I'm a British citizen who recently became a greencard holder after living and working in the US for three years. I have quite a hefty amount of USD savings which I would like to transfer back to GBP while the dollar is so strong. I'm unsure whether there is some kind of tax I would have to pay on this. I've payed tax in the US on all the income already and I'm completely up to date with any tax owed in the UK. The sum is six figures so I don't want to transfer if I'm going to get hit with some weird type of tax. Could anyone help?


----------



## Bevdeforges (Nov 16, 2007)

There's no tax on money transfers, but be careful how you make the transfer as that can run up some hefty bank fees. You will have to declare the "purpose" of the transfer (due to international regulations meant to discourage money laundering), though the bank or exchange agency will handle the actual reporting of that for you.

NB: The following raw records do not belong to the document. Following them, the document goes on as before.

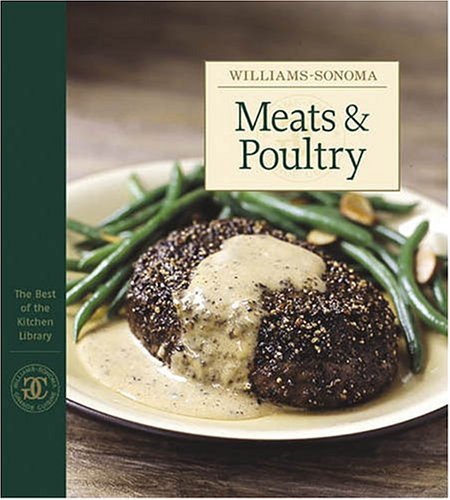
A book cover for Williams-Sonoma The Best of the Kitchen Library: Meats & Poultry; Chuck Williams; Cookbooks, Food & Wine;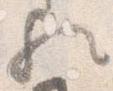
歟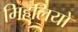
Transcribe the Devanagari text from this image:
मिहलियो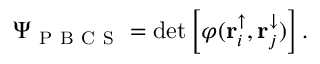
\Psi _ { \mathrm { ~ P ~ B ~ C ~ S ~ } } = \operatorname* { d e t } \left[ \varphi ( \mathbf { r } _ { i } ^ { \uparrow } , \mathbf { r } _ { j } ^ { \downarrow } ) \right] .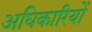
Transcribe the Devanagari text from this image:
अघिकारियों
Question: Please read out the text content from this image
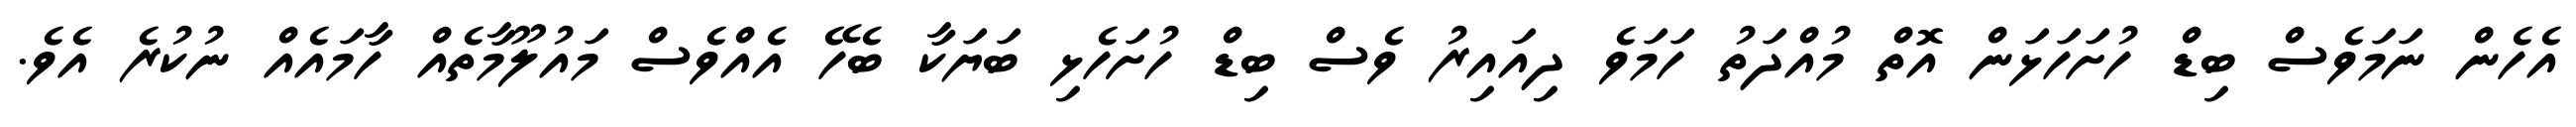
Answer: އެހެން ނަމަވެސް ބިޑް ހުށަހަޅަން އޮތް މުއްދަތު ހަމަވެ ދިއައިރު ވެސް ބިޑް ހުށަހެޅި ބަޔަކާ ބެހޭ އެއްވެސް މައުލޫމާތެއް ހާމައެއް ނުކުރެ އެވެ.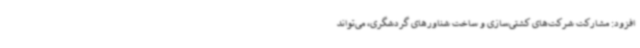
افزود: مشارکت شرکت‌های کشتی‌سازی و ساخت شناورهای گردشگری، می‌تواند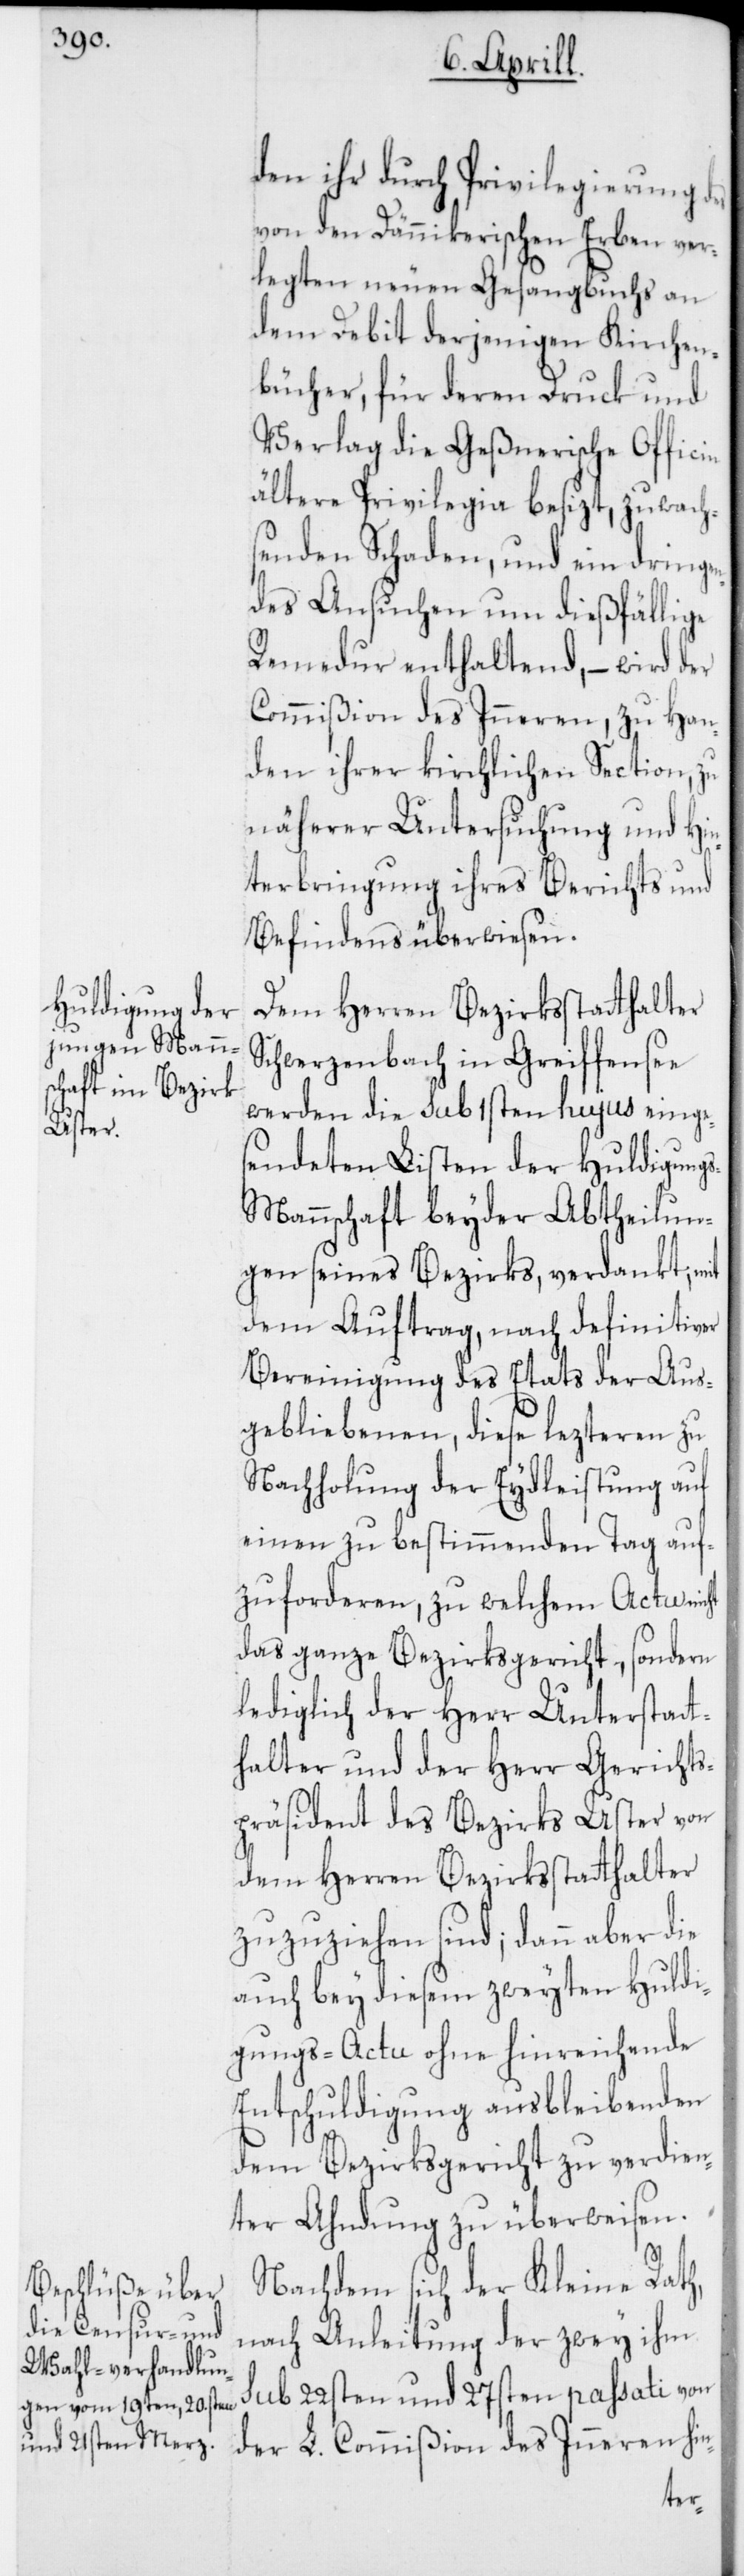
den ihr durch Privilegierung des
von den Dännikerischen Erben ver¬
legten neuen Gesangbuchs an
dem Debit derjenigen Kirchen¬
bücher, für deren Druck und
Verlag die Geßnerische Officin
ältere Privilegia besizt, zuwach¬
senden Schaden, und ein dringe¬
ndes Ansuchen um dießfällige
Remedur enthaltend, – wird der
Commißion des Inneren, zu Han¬
den ihrer kirchlichen Section, zu
näherer Untersuchung und Hin¬
terbringung ihres Berichts und
Befindens überwiesen.
Dem Herren Bezirksstatthalter
Schwerzenbach in Greiffensee
werden die sub 1sten hujus einge¬
sendeten Listen der Huldigung¬
s-Mannschaft beyder Abtheilun¬
gen seines Bezirks, verdankt, mit
dem Auftrag, nach definitiver
Bereinigung des Etats der Aus¬
gebliebenen, diese lezteren zu
Nachholung der Eydleistung auf
einen zu bestimmenden Tag auf¬
zuforderen, zu welchem Acte nicht
das ganze Bezirksgericht, sondern
lediglich der Herr Unterstatt¬
halter und der Herr Gerichts¬
präsident des Bezirks Uster von
dem Herren Bezirksstatthalter
zuzuziehen sind; dann aber die
auch bey diesem zweyten Huldi¬
gungs-Actu ohne hinreichende
Entschuldigung Ausbleibenden
dem Bezirksgericht zu verdien¬
ter Ahndung zu überweisen.
Nachdem sich der Kleine Rath,
nach Anleitung der zwey ihm
sub 22sten und 27sten passati von
der L. Commißion des Inneren hin-

And you probably already know this, but you'll be expected to file an FBAR report each year reporting the high balances for any and all overseas (i.e. non-US) accounts.
Cheers,
Bev


----------



## BBCWatcher (Dec 28, 2012)

In addition to FinCEN Form 114 you might also need to file some IRS forms depending on what that money is doing outside the United States and where it is held. Examples include: IRS Form 8938, IRS Form 3520, IRS Form 8621, and/or Schedule B. (Not an exhaustive list, but it's a pretty good list.)


----------



## BBCWatcher (Dec 28, 2012)

By the way, there's no requirement to transfer funds to a financial institution in the United Kingdom if you merely want to convert U.S. dollars to British pounds. There are several banks in the U.S. that offer British pound deposit accounts, for example EverBank. Alternatively, or in addition, you can use U.S. dollars to buy other types of financial assets that are heavily correlated with the British pound. Examples include symbols FXB, EWU, DBUK, HEWU, QGBR, and EWUS, all traded on the New York Stock Exchange. As yet another option, you can use the currency futures/options markets in the U.S. if you want to hedge against currency risk.


----------



## ForeignBody (Oct 20, 2011)

Check out using a money transfer specialist like transferwise or torfx (there are many others). They are likely to be significantly cheaper when you take account of the overall cost of fees and exchange rates.


----------



## Stuartward20 (Jun 11, 2016)

Thanks for all your help. I have a forex company all set up. Just wanted to check if there was tax involved. Now I know there isn't, I'll go ahead with the transfer


----------